((

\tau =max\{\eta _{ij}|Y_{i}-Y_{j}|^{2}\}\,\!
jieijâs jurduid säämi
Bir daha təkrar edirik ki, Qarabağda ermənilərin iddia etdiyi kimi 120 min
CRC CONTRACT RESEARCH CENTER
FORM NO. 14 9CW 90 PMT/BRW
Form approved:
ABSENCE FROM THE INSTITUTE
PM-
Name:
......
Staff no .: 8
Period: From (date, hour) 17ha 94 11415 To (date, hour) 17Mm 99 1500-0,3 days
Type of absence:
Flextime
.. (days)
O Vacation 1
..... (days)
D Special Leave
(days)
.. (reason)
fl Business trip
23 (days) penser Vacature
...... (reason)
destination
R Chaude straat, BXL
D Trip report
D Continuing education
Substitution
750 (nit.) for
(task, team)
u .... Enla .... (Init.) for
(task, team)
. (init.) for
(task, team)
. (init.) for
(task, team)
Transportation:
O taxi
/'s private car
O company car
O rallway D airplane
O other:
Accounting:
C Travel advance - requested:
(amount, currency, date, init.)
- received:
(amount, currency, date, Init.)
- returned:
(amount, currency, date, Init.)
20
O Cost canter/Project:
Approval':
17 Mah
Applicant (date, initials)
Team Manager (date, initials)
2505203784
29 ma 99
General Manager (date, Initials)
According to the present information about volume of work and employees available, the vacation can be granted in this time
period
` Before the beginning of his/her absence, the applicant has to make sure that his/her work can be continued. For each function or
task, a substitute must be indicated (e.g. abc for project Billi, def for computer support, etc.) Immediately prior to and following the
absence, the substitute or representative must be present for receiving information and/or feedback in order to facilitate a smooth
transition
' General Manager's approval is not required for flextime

))

• _What is expected_
Copy out the data shown above without altering anything.

• _Exercise response_
\tau =max\{\eta _{ij}|Y_{i}-Y_{j}|^{2}\}\,\!
jieijâs jurduid säämi
Bir daha təkrar edirik ki, Qarabağda ermənilərin iddia etdiyi kimi 120 min
CRC CONTRACT RESEARCH CENTER
FORM NO. 14 9CW 90 PMT/BRW
Form approved:
ABSENCE FROM THE INSTITUTE
PM-
Name:
......
Staff no .: 8
Period: From (date, hour) 17ha 94 11415 To (date, hour) 17Mm 99 1500-0,3 days
Type of absence:
Flextime
.. (days)
O Vacation 1
..... (days)
D Special Leave
(days)
.. (reason)
fl Business trip
23 (days) penser Vacature
...... (reason)
destination
R Chaude straat, BXL
D Trip report
D Continuing education
Substitution
750 (nit.) for
(task, team)
u .... Enla .... (Init.) for
(task, team)
. (init.) for
(task, team)
. (init.) for
(task, team)
Transportation:
O taxi
/'s private car
O company car
O rallway D airplane
O other:
Accounting:
C Travel advance - requested:
(amount, currency, date, init.)
- received:
(amount, currency, date, Init.)
- returned:
(amount, currency, date, Init.)
20
O Cost canter/Project:
Approval':
17 Mah
Applicant (date, initials)
Team Manager (date, initials)
2505203784
29 ma 99
General Manager (date, Initials)
According to the present information about volume of work and employees available, the vacation can be granted in this time
period
` Before the beginning of his/her absence, the applicant has to make sure that his/her work can be continued. For each function or
task, a substitute must be indicated (e.g. abc for project Billi, def for computer support, etc.) Immediately prior to and following the
absence, the substitute or representative must be present for receiving information and/or feedback in order to facilitate a smooth
transition
' General Manager's approval is not required for flextime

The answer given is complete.